The day where it felt the world would tear apart, dissipate and leave me to float away in the blackness of outer space, but never did.
Do you remember crying? I do. I had shed more tears than I can count on all my fingers and toes.

And I can’t forget.





Shell

Chapter 1


I am the ocean. My arms are the waves, gently lapping upon the shore. The features of my face are nothing but the foam churning on the crests of blue water. Though I slide peacefully up the beach, sifting the tiny granules of sand, beneath my salty surface is a burning power. A gull flies above my watery head and is momentarily stunned by my strength. The clouds shift and turn a deep gray. They fold down to me and I raise my liquid lips to kiss the storm. As we brush, a light flashes above and loud crackles fill the air. Something pierces my waters and pain shoots through my waves. I recoil in agony and recede. The pain is pulling me from the shore. No, it’s drying me up. The cool touch of my liquid skin evaporates and I am left choking in the sand. Gasping , I raise my head. The sky has broken into a clear blue, filled with the glimmer of the ocean that was my body, each wave slowly drifting away, flapping like a bird. A shard of silver water floats down toward my outstretched palm.
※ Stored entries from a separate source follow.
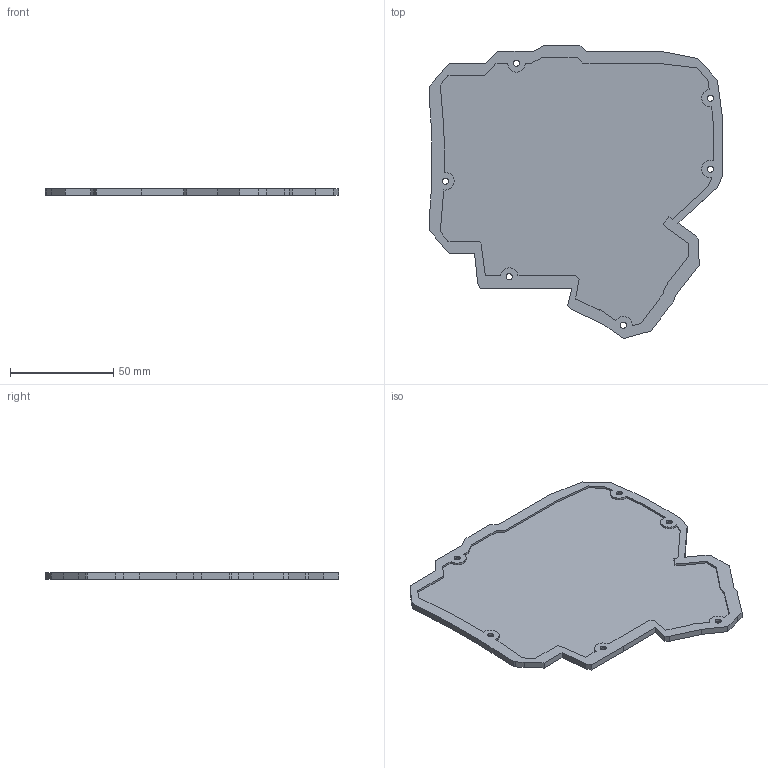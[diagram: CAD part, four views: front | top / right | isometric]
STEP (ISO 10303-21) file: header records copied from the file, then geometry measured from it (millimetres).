
FILE_DESCRIPTION(('Open CASCADE Model'),'2;1');
FILE_NAME('Open CASCADE Shape Model','2022-05-13T04:16:05',('Author'),( 'Open CASCADE'),'Open CASCADE STEP processor 7.4','Open CASCADE 7.4' ,'Unknown');
FILE_SCHEMA(('AUTOMOTIVE_DESIGN { 1 0 10303 214 1 1 1 1 }'));
Length unit declared in the file: millimetre
Products named in the file (1): Open CASCADE STEP translator 7.4 48
Bounding box: 142.63 x 142.27 x 3 mm (x, y, z)
Volume: 34087.5 mm3; surface area: 33647.8 mm2
Topology: 1 solids, 1 shells, 114 faces, 327 edges, 216 vertices
Faces by surface type: plane 96, cylinder 12, cone 6
Full cylindrical faces by diameter (mm): 3 x6
Entity records: 8030 total; most frequent: CARTESIAN_POINT 1456, DIRECTION 1217, LINE 927, VECTOR 927, ORIENTED_EDGE 654, PCURVE 654, DEFINITIONAL_REPRESENTATION 654, EDGE_CURVE 327
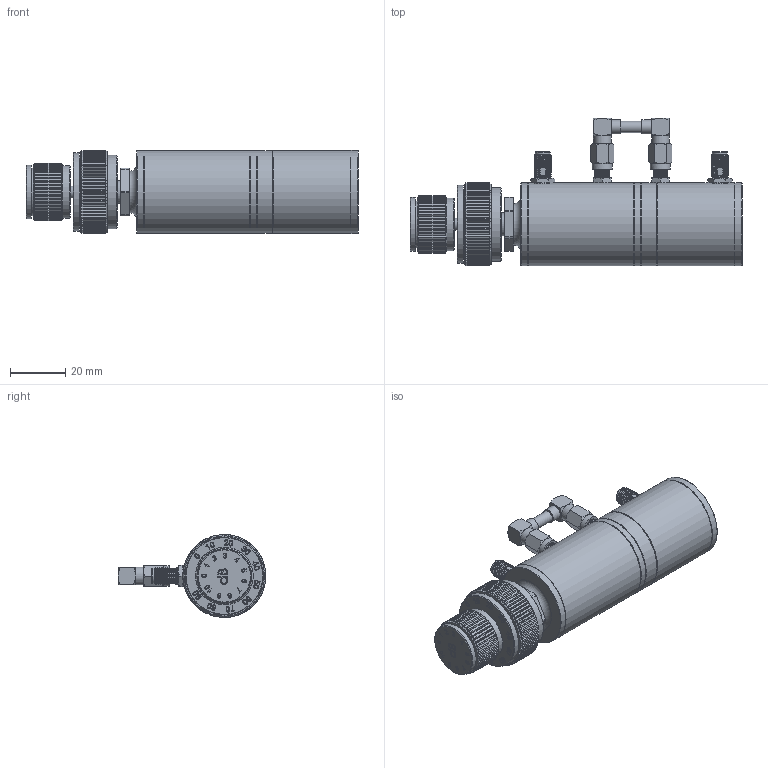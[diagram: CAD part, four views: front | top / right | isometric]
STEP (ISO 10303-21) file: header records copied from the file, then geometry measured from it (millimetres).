
FILE_DESCRIPTION (( 'STEP AP203' ), '1' );
FILE_NAME ('PE70A1034_3D.step', '2022-04-14T21:33:02', ( '' ), ( '' ), 'SwSTEP 2.0', 'SolidWorks 2021', '' );
FILE_SCHEMA (( 'CONFIG_CONTROL_DESIGN' ));
Products named in the file (1): PE70A1034_3D
Bounding box: 120 x 53.4 x 30 mm (x, y, z)
Volume: 75810.9 mm3; surface area: 17419.9 mm2
Topology: 4 solids, 6 shells, 1454 faces, 3434 edges, 2092 vertices
Faces by surface type: plane 537, bspline 367, cone 352, cylinder 195, torus 3
Full cylindrical faces by diameter (mm): 0.94 x2, 1.016 x2, 1.27 x2, 4.064 x1, 4.227 x2, 4.334 x1, 4.572 x2, 5.08 x2, 5.334 x2, 6.35 x2, 7.29 x2, 7.62 x2, 8.233 x1, 17.213 x1, 19.008 x1, 19.442 x1, 25.51 x1, 26.527 x1, 28.234 x1, 29.05 x3, 29.854 x2, 29.967 x4, 30 x2
Entity records: 86782 total; most frequent: CARTESIAN_POINT 57559, ORIENTED_EDGE 6730, DIRECTION 4711, EDGE_CURVE 3365, VERTEX_POINT 2080, AXIS2_PLACEMENT_3D 1794, EDGE_LOOP 1611, FACE_OUTER_BOUND 1497
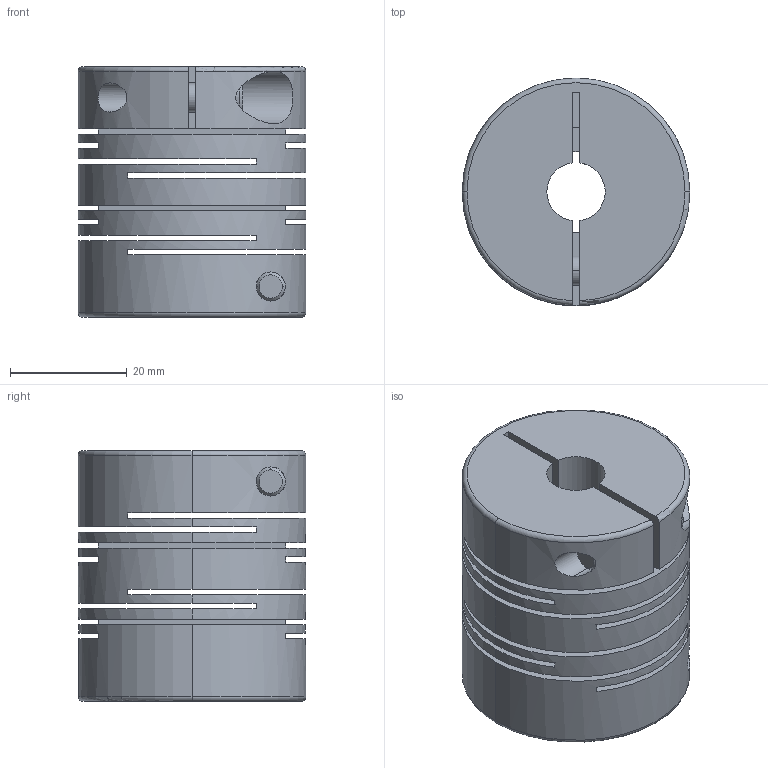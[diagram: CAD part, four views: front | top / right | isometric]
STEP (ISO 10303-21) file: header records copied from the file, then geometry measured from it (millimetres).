
FILE_DESCRIPTION (( 'STEP AP203' ), '1' );
FILE_NAME ('SRBA-39C-10-14.step', '2025-10-16T13:49:41', ( '' ), ( '' ), 'SwSTEP 2.0', 'SolidWorks 2024', '' );
FILE_SCHEMA (( 'CONFIG_CONTROL_DESIGN' ));
Length unit declared in the file: millimetre
Products named in the file (1): SRBA-39C-10-14
Bounding box: 39 x 39 x 43 mm (x, y, z)
Volume: 37737.8 mm3; surface area: 23743.5 mm2
Topology: 1 solids, 1 shells, 115 faces, 308 edges, 200 vertices
Faces by surface type: plane 60, cylinder 42, cone 8, torus 5
Entity records: 4019 total; most frequent: CARTESIAN_POINT 926, DIRECTION 659, ORIENTED_EDGE 616, EDGE_CURVE 308, AXIS2_PLACEMENT_3D 248, VERTEX_POINT 200, VECTOR 163, LINE 163
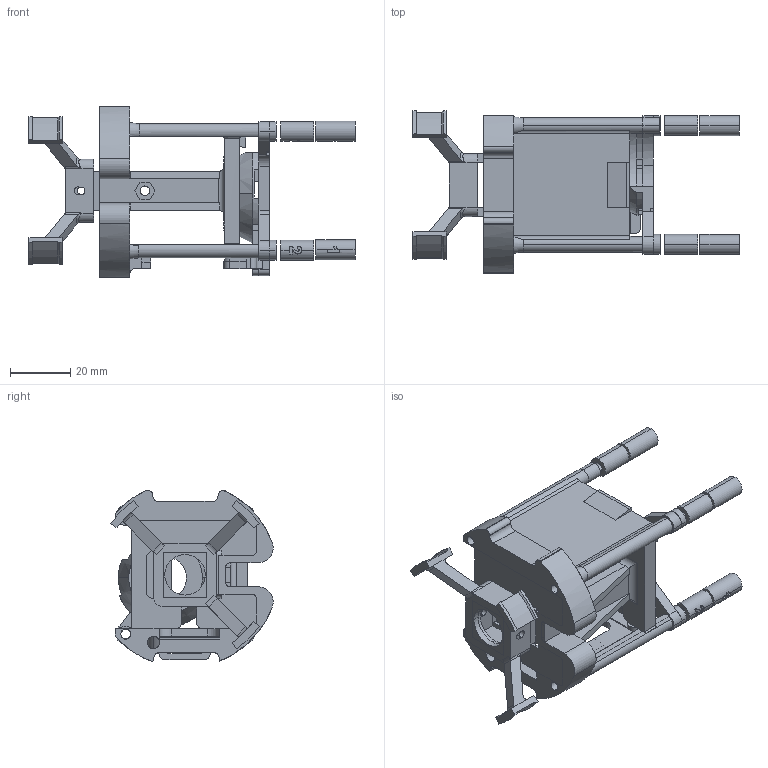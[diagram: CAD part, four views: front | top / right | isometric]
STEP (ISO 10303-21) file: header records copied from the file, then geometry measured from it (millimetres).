
FILE_DESCRIPTION(/* description */ ('VariCAD 2023-2.03 AP-214'),/* implementation_level */ '2;1');
FILE_NAME(/* name */ 'tisk.stp',/* time_stamp */ '2023-04-26T10:24:44+01:00',/* author */ (''),/* organization */ (''),/* preprocessor_version */ 'VariCAD 2023-2.03',/* originating_system */ 'VariCAD 2023-2.03; kernel version (20180118)',/* authorisation */ '');
FILE_SCHEMA(('AUTOMOTIVE_DESIGN'));
Length unit declared in the file: millimetre
Products named in the file (15): tisk
Assembly tree (14 placements, depth 2):
  tisk
    (unnamed)
    (unnamed)
    (unnamed)
    (unnamed)
    (unnamed)
    (unnamed)
    (unnamed)
    (unnamed)
    (unnamed)
    (unnamed)
    (unnamed)
    (unnamed)
    (unnamed)
    (unnamed)
Bounding box: 108.61 x 54.06 x 57.19 mm (x, y, z)
Volume: 35176.3 mm3; surface area: 34332.1 mm2
Topology: 14 solids, 14 shells, 742 faces, 2141 edges, 1427 vertices
Faces by surface type: plane 428, cylinder 276, extrusion 16, bspline 9, cone 7, torus 6
Entity records: 28113 total; most frequent: CARTESIAN_POINT 7750, ORIENTED_EDGE 4282, DIRECTION 4096, EDGE_CURVE 2141, VERTEX_POINT 1427, VECTOR 1370, AXIS2_PLACEMENT_3D 1363, LINE 1354
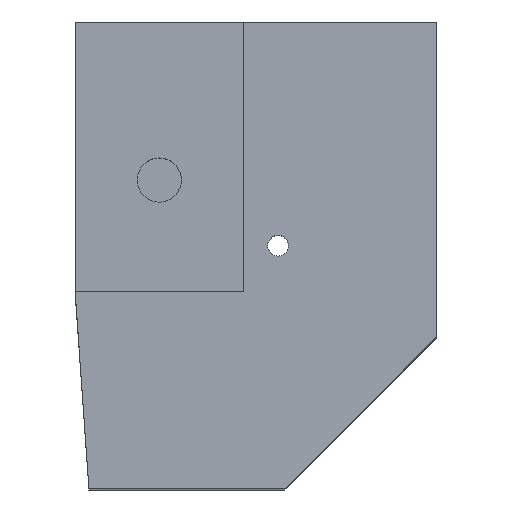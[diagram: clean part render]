
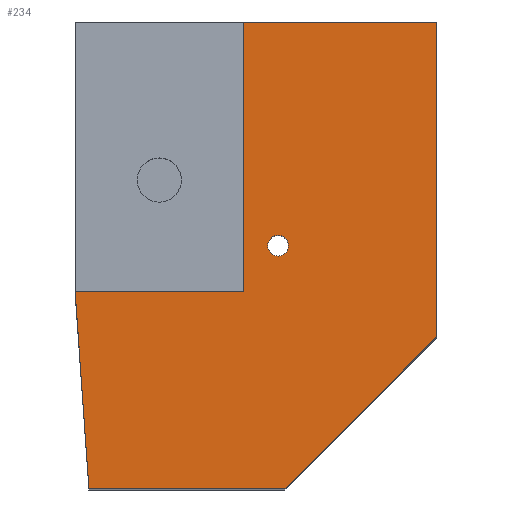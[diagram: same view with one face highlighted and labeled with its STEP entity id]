
A CAD part, top view. The second image highlights one B-rep face of the part: STEP entity #234.
In plain terms, the highlighted planar face has unit normal (0, 0, 1).
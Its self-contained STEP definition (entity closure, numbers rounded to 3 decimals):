
#24 = VERTEX_POINT('',#25);
#25 = CARTESIAN_POINT('',(-11.,0.,47.945));
#40 = VERTEX_POINT('',#41);
#41 = CARTESIAN_POINT('',(0.,11.,47.945));
#47 = EDGE_CURVE('',#24,#40,#48,.T.);
#48 = LINE('',#49,#50);
#49 = CARTESIAN_POINT('',(-11.,0.,47.945));
#50 = VECTOR('',#51,1.);
#51 = DIRECTION('',(0.707,0.707,0.));
#70 = EDGE_CURVE('',#24,#71,#73,.T.);
#71 = VERTEX_POINT('',#72);
#72 = CARTESIAN_POINT('',(-25.2,0.,47.945));
#73 = LINE('',#74,#75);
#74 = CARTESIAN_POINT('',(-23.84,0.,47.945));
#75 = VECTOR('',#76,1.);
#76 = DIRECTION('',(-1.,-0.,-0.));
#184 = VERTEX_POINT('',#185);
#185 = CARTESIAN_POINT('',(0.,33.8,47.945));
#191 = EDGE_CURVE('',#40,#184,#192,.T.);
#192 = LINE('',#193,#194);
#193 = CARTESIAN_POINT('',(0.,11.,47.945));
#194 = VECTOR('',#195,1.);
#195 = DIRECTION('',(0.,1.,0.));
#234 = ADVANCED_FACE('',(#235,#270),#281,.T.);
#235 = FACE_BOUND('',#236,.T.);
#236 = EDGE_LOOP('',(#237,#238,#239,#240,#248,#256,#264));
#237 = ORIENTED_EDGE('',*,*,#70,.F.);
#238 = ORIENTED_EDGE('',*,*,#47,.T.);
#239 = ORIENTED_EDGE('',*,*,#191,.T.);
#240 = ORIENTED_EDGE('',*,*,#241,.T.);
#241 = EDGE_CURVE('',#184,#242,#244,.T.);
#242 = VERTEX_POINT('',#243);
#243 = CARTESIAN_POINT('',(-14.01,33.8,47.945));
#244 = LINE('',#245,#246);
#245 = CARTESIAN_POINT('',(-13.79,33.8,47.945));
#246 = VECTOR('',#247,1.);
#247 = DIRECTION('',(-1.,0.,0.));
#248 = ORIENTED_EDGE('',*,*,#249,.T.);
#249 = EDGE_CURVE('',#242,#250,#252,.T.);
#250 = VERTEX_POINT('',#251);
#251 = CARTESIAN_POINT('',(-14.01,14.265,47.945));
#252 = LINE('',#253,#254);
#253 = CARTESIAN_POINT('',(-14.01,25.942,47.945));
#254 = VECTOR('',#255,1.);
#255 = DIRECTION('',(0.,-1.,0.));
#256 = ORIENTED_EDGE('',*,*,#257,.T.);
#257 = EDGE_CURVE('',#250,#258,#260,.T.);
#258 = VERTEX_POINT('',#259);
#259 = CARTESIAN_POINT('',(-26.2,14.265,47.945));
#260 = LINE('',#261,#262);
#261 = CARTESIAN_POINT('',(-13.873,14.265,47.945));
#262 = VECTOR('',#263,1.);
#263 = DIRECTION('',(-1.,0.,0.));
#264 = ORIENTED_EDGE('',*,*,#265,.T.);
#265 = EDGE_CURVE('',#258,#71,#266,.T.);
#266 = LINE('',#267,#268);
#267 = CARTESIAN_POINT('',(-26.2,14.265,47.945));
#268 = VECTOR('',#269,1.);
#269 = DIRECTION('',(0.07,-0.998,0.));
#270 = FACE_BOUND('',#271,.T.);
#271 = EDGE_LOOP('',(#272));
#272 = ORIENTED_EDGE('',*,*,#273,.T.);
#273 = EDGE_CURVE('',#274,#274,#276,.T.);
#274 = VERTEX_POINT('',#275);
#275 = CARTESIAN_POINT('',(-10.75,17.6,47.945));
#276 = CIRCLE('',#277,0.75);
#277 = AXIS2_PLACEMENT_3D('',#278,#279,#280);
#278 = CARTESIAN_POINT('',(-11.5,17.6,47.945));
#279 = DIRECTION('',(0.,0.,-1.));
#280 = DIRECTION('',(1.,0.,0.));
#281 = PLANE('',#282);
#282 = AXIS2_PLACEMENT_3D('',#283,#284,#285);
#283 = CARTESIAN_POINT('',(-11.967,15.983,47.945));
#284 = DIRECTION('',(0.,0.,1.));
#285 = DIRECTION('',(1.,0.,0.));
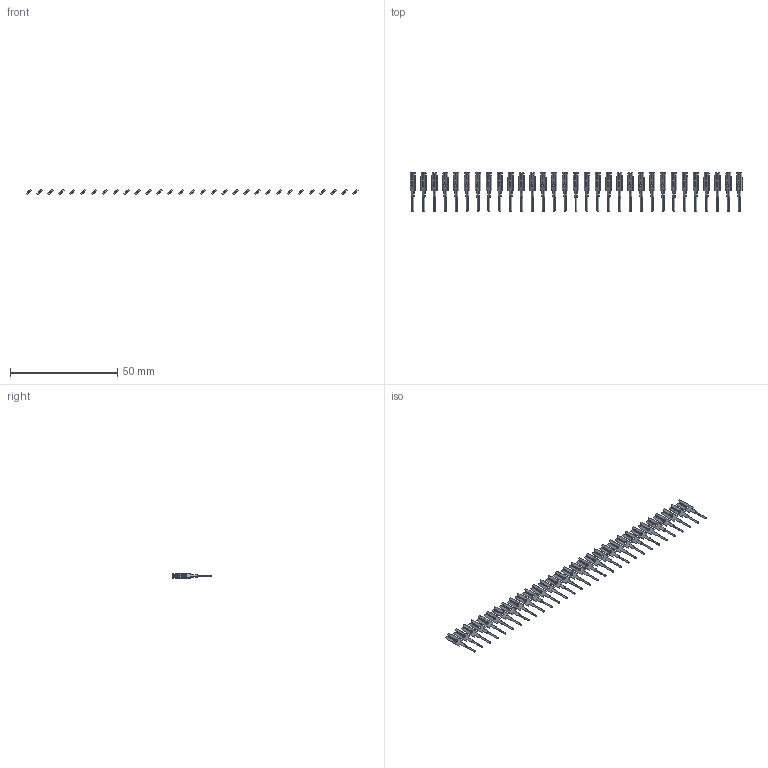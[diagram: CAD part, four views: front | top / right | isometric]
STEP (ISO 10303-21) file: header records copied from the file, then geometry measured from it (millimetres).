
FILE_DESCRIPTION (( 'STEP AP203' ), '1' );
FILE_NAME ('106-031-251-200.STEP', '2020-04-16T19:46:04', ( '' ), ( '' ), 'SwSTEP 2.0', 'SolidWorks 2016', '' );
FILE_SCHEMA (( 'CONFIG_CONTROL_DESIGN' ));
Length unit declared in the file: inch
Products named in the file (2): 100-290-001_100-290-251; 106-031-251-200
Assembly tree (31 placements, depth 2):
  106-031-251-200
    100-290-001_100-290-251  x31
Bounding box: 154.93 x 17.91 x 2.53 mm (x, y, z)
Volume: 566.8 mm3; surface area: 2785.9 mm2
Topology: 31 solids, 31 shells, 868 faces, 2418 edges, 1612 vertices
Faces by surface type: plane 682, cylinder 186
Entity records: 2054 total; most frequent: DIRECTION 210, CARTESIAN_POINT 204, ORIENTED_EDGE 156, EDGE_CURVE 78, AXIS2_PLACEMENT_3D 74, CALENDAR_DATE 72, COORDINATED_UNIVERSAL_TIME_OFFSET 72, LOCAL_TIME 72
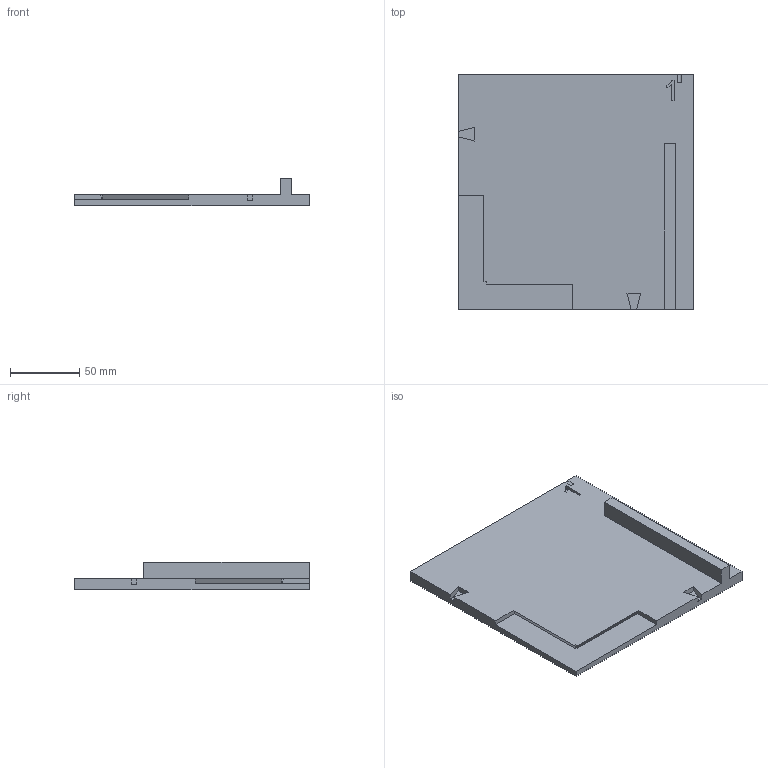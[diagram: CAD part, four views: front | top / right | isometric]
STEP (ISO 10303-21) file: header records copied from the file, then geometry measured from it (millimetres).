
FILE_DESCRIPTION(('FreeCAD Model'),'2;1');
FILE_NAME('Open CASCADE Shape Model','2025-05-28T19:30:40',(''),(''), 'Open CASCADE STEP processor 7.8','FreeCAD','Unknown');
FILE_SCHEMA(('AUTOMOTIVE_DESIGN { 1 0 10303 214 1 1 1 1 }'));
Length unit declared in the file: millimetre
Products named in the file (1): 1LowerPart003
Bounding box: 170 x 170 x 20 mm (x, y, z)
Volume: 231967.5 mm3; surface area: 67139.3 mm2
Topology: 1 solids, 1 shells, 41 faces, 106 edges, 70 vertices
Faces by surface type: plane 34, extrusion 4, cylinder 3
Full cylindrical faces by diameter (mm): 5 x2
Entity records: 1260 total; most frequent: CARTESIAN_POINT 242, ORIENTED_EDGE 212, DIRECTION 184, EDGE_CURVE 106, VECTOR 96, LINE 92, VERTEX_POINT 70, AXIS2_PLACEMENT_3D 44

I desperately grab for it, try to save a piece of my past self, but it flits away from my grasps before I can trap it beneath my fingers. The glittering droplets fly away into the clouds, leaving me burning in the sand.



Burning...



Light streams through the closed shutters above my bed. I blink at the dull green of the walls and my ears do an instinctive wince from the blaring beep from the alarm clock. I’m wrapped up in blankets. All my thrashing last night twisted the covers around my legs. My shirt has left red marks on my skin, which sting when I poke at them. The whir of the washing machine rumbles under my bed.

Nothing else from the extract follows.